Em entrevista exclusiva à revista Veja, o ex-ministro da Justiça diz que o governo nunca priorizou o combate à corrupção:
Quando Sergio Moro decretou as primeiras prisões da Operação
Lava-Jato, em 2014, ninguém imaginava que começaria ali uma revolução
de consequências históricas para a política, a economia e o combate à
corrupção no Brasil. Em quatro anos, as investigações revelaram a
existência de uma monumental estrutura que tinha como membros ativos as
maiores empreiteiras do país, altos dirigentes de empresas estatais e
políticos de todos os quilates — de deputados a presidentes da
República. Todos se nutrindo da mesma fonte de um esquema que, durante
anos, desviou mais de 40 bilhões de reais dos cofres públicos, dinheiro
convertido em financiamento de campanhas eleitorais e propina. O caso
fulminou biografias, quebrou empresas, arrasou partidos políticos e
desmascarou muita gente que se dizia honesta. A histórica impunidade dos
poderosos levou uma surpreendente rasteira — e abriu caminho para que
um outsider chegasse à Presidência da República. Com a eleição de Jair
Bolsonaro e a nomeação de Sergio Moro para o Ministério da Justiça,
muitos apostaram que a corrupção sistêmica sofreria o golpe de
misericórdia no país — uma tremenda ilusão, segundo o próprio Moro.
“O combate à corrupção não é prioridade do governo”, revela o agora ex-ministro da Justiça, que foi descobrindo aos poucos que embarcara numa fria.

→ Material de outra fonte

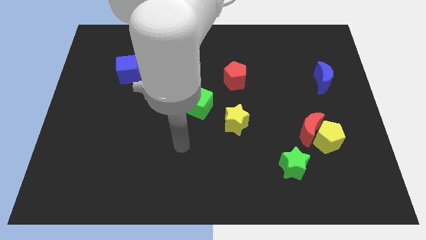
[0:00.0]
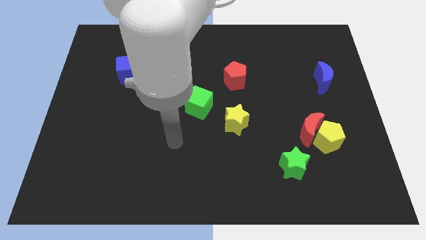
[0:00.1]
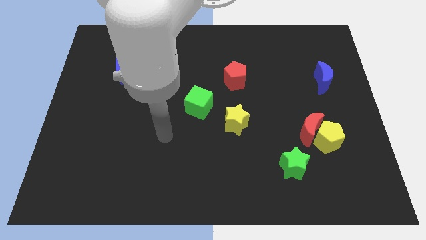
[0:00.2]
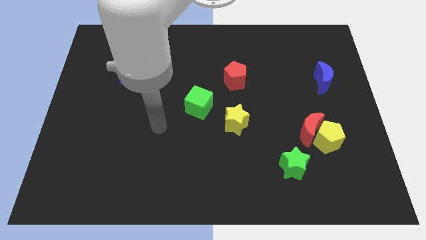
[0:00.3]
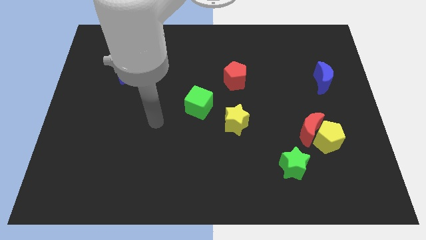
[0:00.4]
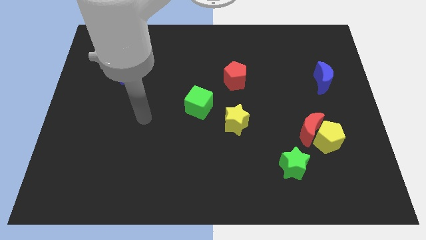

Ele estava em casa na madrugada da sexta 24 quando soube que o diretor-geral da Polícia Federal fora demitido pelo presidente. Mas o episódio foi a gota d’água de uma relação tumultuada. Havia tempo o presidente não escondia a intenção de colocar no cargo alguém de sua estrita confiança. Bolsonaro frequentemente reclamava da falta de informações, em especial sobre inquéritos que tinham como investigados amigos, correligionários e parentes dele. Moro classificou a decisão do presidente de pôr um parceiro no comando da PF de uma manobra para finalmente ter acesso a dados sigilosos, deu a isso o nome de interferência política e, na sequência, pediu demissão. Bolsonaro, por sua vez, disse que a nomeação do diretor da PF é de sua competência e que as acusações de Moro não eram verdadeiras. O Supremo Tribunal Federal mandou abrir um inquérito para apurar suspeitas de crime.
Em entrevista exclusiva a VEJA, Moro revelou que não vai admitir ser
chamado de mentiroso e que apresentará à Justiça, assim que for instado a
fazê-lo, as provas que mostram que o presidente tentou, sim, interferir
indevidamente na Polícia Federal. Um pouco abatido, o ex-ministro
também se disse desconfortável no papel que o destino lhe reservou:
“Nunca foi minha intenção ser algoz do presidente”. Desde que deixou o
ministério, ele passou a ser hostilizado brutalmente pelas redes
bolsonaristas. “Traidor” foi o adjetivo mais brando que recebeu. Mas o
fato é que Bolsonaro nunca confiou em Moro. Sempre viu nele um potencial
adversário, alguém que no futuro poderia ameaçar seu projeto de poder.
Na entrevista, o ex-ministro, no entanto, garante que a política não
está em seus planos — ao menos por enquanto. Na quarta-feira 29, durante
a conversa com VEJA, Moro recebeu um alerta de mensagem no telefone.
Ele colocou os óculos, leu e franziu a testa. “O que foi, ministro?” “O
presidente da República anunciou que vai divulgar um ‘vídeo-bomba’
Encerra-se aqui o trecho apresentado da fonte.